- GIVEN INFORMATION -
■ ■ ■ ■

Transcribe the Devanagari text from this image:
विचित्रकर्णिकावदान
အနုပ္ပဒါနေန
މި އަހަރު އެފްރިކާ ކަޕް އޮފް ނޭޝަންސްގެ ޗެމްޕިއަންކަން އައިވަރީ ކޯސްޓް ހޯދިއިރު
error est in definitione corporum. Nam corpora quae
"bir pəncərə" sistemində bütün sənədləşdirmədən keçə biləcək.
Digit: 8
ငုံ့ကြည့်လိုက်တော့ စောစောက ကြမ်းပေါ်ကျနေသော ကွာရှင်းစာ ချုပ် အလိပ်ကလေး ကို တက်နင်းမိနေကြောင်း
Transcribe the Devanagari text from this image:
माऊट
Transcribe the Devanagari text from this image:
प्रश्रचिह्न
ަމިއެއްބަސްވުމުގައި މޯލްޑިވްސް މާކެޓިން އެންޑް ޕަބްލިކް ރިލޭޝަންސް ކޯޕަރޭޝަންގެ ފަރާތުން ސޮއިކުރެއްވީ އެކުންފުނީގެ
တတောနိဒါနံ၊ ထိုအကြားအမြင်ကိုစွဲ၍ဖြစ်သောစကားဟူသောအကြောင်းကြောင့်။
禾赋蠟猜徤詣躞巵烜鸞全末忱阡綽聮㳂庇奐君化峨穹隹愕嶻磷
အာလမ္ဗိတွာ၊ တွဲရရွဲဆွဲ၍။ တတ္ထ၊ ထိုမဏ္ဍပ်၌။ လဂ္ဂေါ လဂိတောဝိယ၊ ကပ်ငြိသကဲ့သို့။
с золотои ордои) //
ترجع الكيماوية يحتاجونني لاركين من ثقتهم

■ ■ ■ ■

- HOW TO COMPLETE THIS TASK -
When you output the entries, keep every line exactly as it appears above.

- SOLUTION BELOW -
Transcribe the Devanagari text from this image:
विचित्रकर्णिकावदान
အနုပ္ပဒါနေန
މި އަހަރު އެފްރިކާ ކަޕް އޮފް ނޭޝަންސްގެ ޗެމްޕިއަންކަން އައިވަރީ ކޯސްޓް ހޯދިއިރު
error est in definitione corporum. Nam corpora quae
"bir pəncərə" sistemində bütün sənədləşdirmədən keçə biləcək.
Digit: 8
ငုံ့ကြည့်လိုက်တော့ စောစောက ကြမ်းပေါ်ကျနေသော ကွာရှင်းစာ ချုပ် အလိပ်ကလေး ကို တက်နင်းမိနေကြောင်း
Transcribe the Devanagari text from this image:
माऊट
Transcribe the Devanagari text from this image:
प्रश्रचिह्न
ަމިއެއްބަސްވުމުގައި މޯލްޑިވްސް މާކެޓިން އެންޑް ޕަބްލިކް ރިލޭޝަންސް ކޯޕަރޭޝަންގެ ފަރާތުން ސޮއިކުރެއްވީ އެކުންފުނީގެ
တတောနိဒါနံ၊ ထိုအကြားအမြင်ကိုစွဲ၍ဖြစ်သောစကားဟူသောအကြောင်းကြောင့်။
禾赋蠟猜徤詣躞巵烜鸞全末忱阡綽聮㳂庇奐君化峨穹隹愕嶻磷
အာလမ္ဗိတွာ၊ တွဲရရွဲဆွဲ၍။ တတ္ထ၊ ထိုမဏ္ဍပ်၌။ လဂ္ဂေါ လဂိတောဝိယ၊ ကပ်ငြိသကဲ့သို့။
с золотои ордои) //
ترجع الكيماوية يحتاجونني لاركين من ثقتهم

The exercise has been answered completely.